## Task prompt
Print each line below verbatim, skipping every picture.

^^^^^^^^

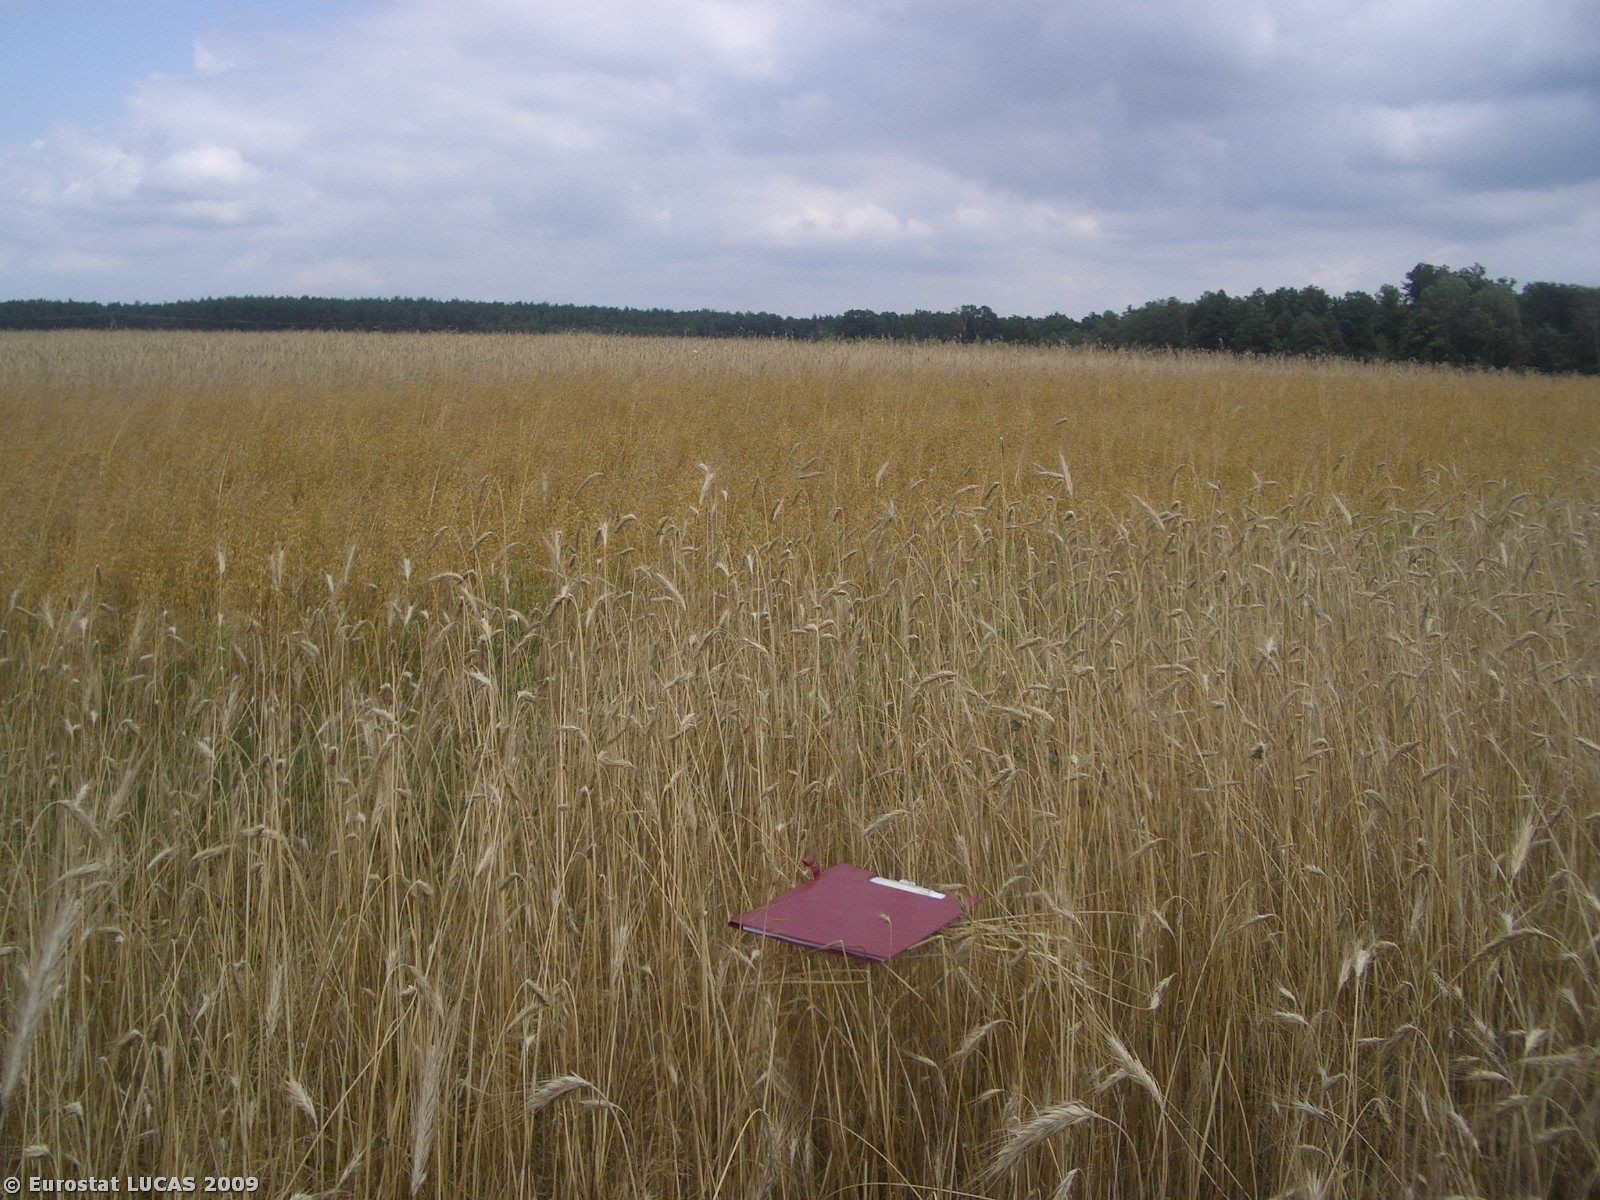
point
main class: Cropland
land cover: Rye
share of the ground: > 75 %
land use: Agriculture (excluding fallow land and kitchen gardens)
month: July
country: PL
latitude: 51.7489
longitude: 22.5090
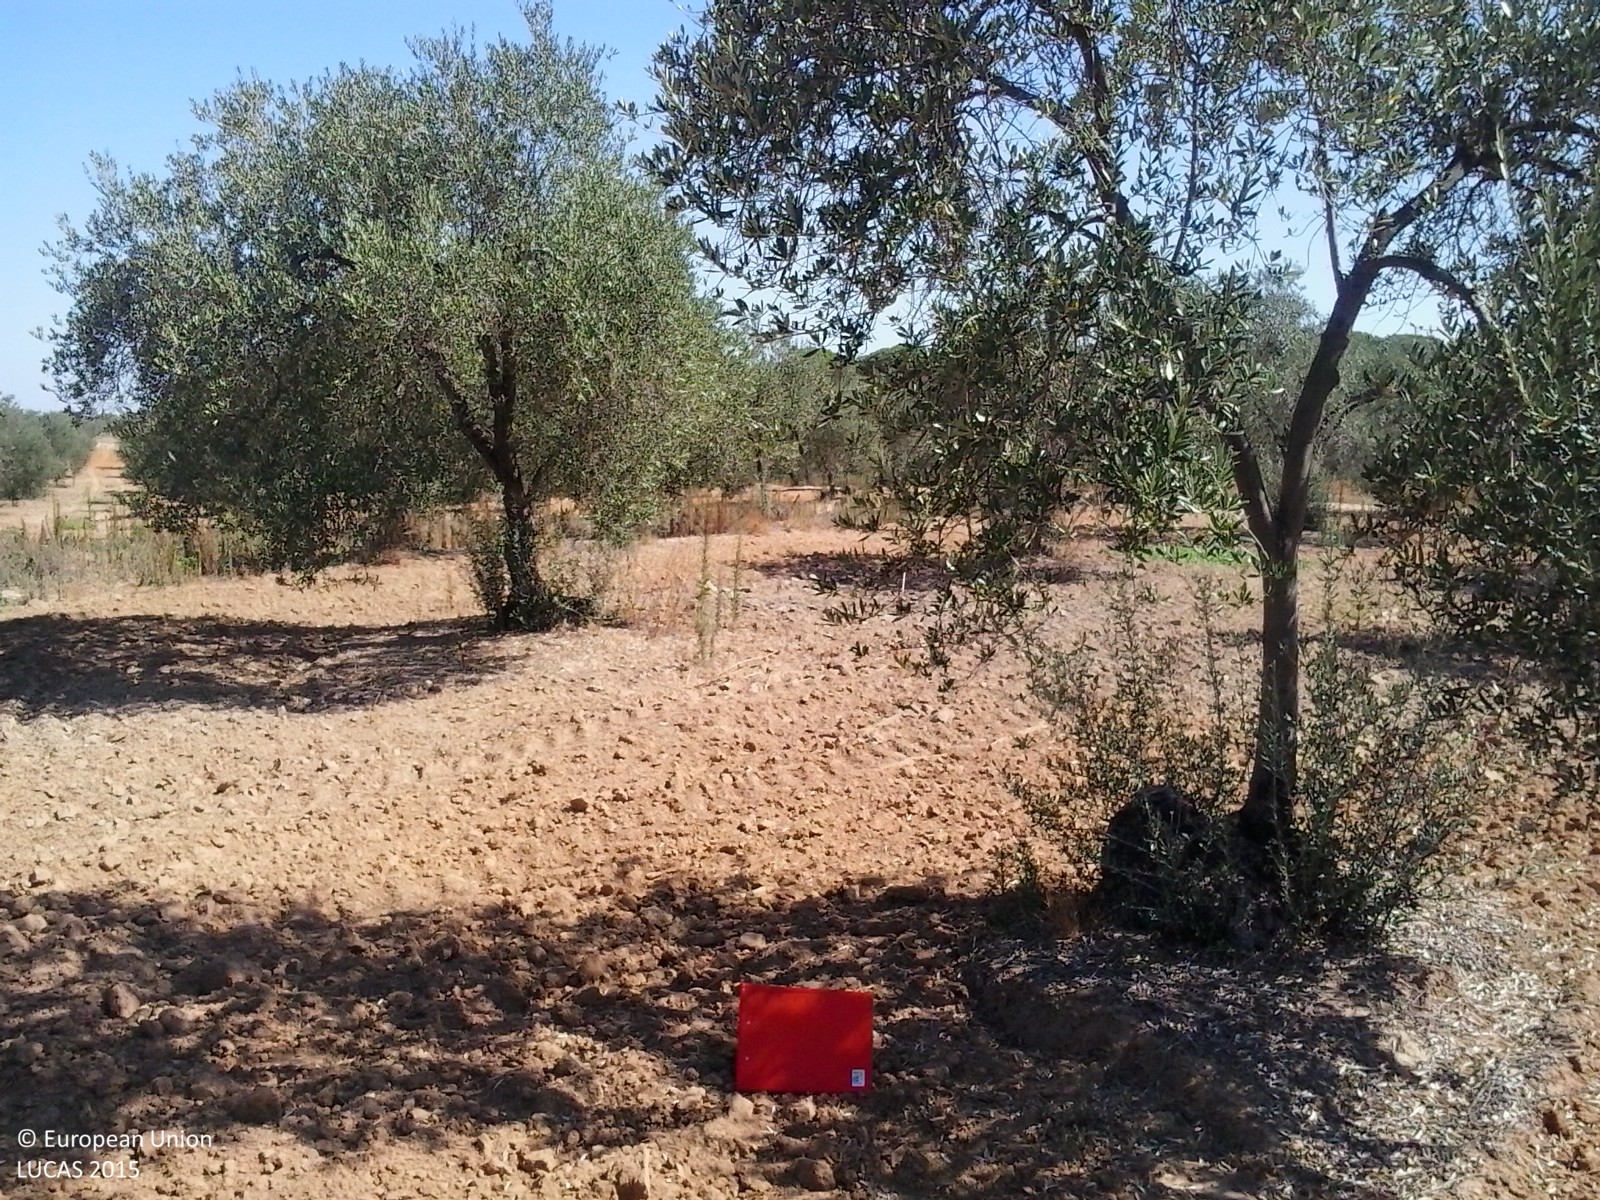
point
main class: Cropland
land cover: Olive groves
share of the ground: 10 - 25 %
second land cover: Other bare soil
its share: > 75 %
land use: Agriculture (excluding fallow land and kitchen gardens)
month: July
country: ES
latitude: 37.2604
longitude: -6.3659

^^^^^^^^

## Solution to this problem
point
main class: Cropland
land cover: Rye
share of the ground: > 75 %
land use: Agriculture (excluding fallow land and kitchen gardens)
month: July
country: PL
latitude: 51.7489
longitude: 22.5090
point
main class: Cropland
land cover: Olive groves
share of the ground: 10 - 25 %
second land cover: Other bare soil
its share: > 75 %
land use: Agriculture (excluding fallow land and kitchen gardens)
month: July
country: ES
latitude: 37.2604
longitude: -6.3659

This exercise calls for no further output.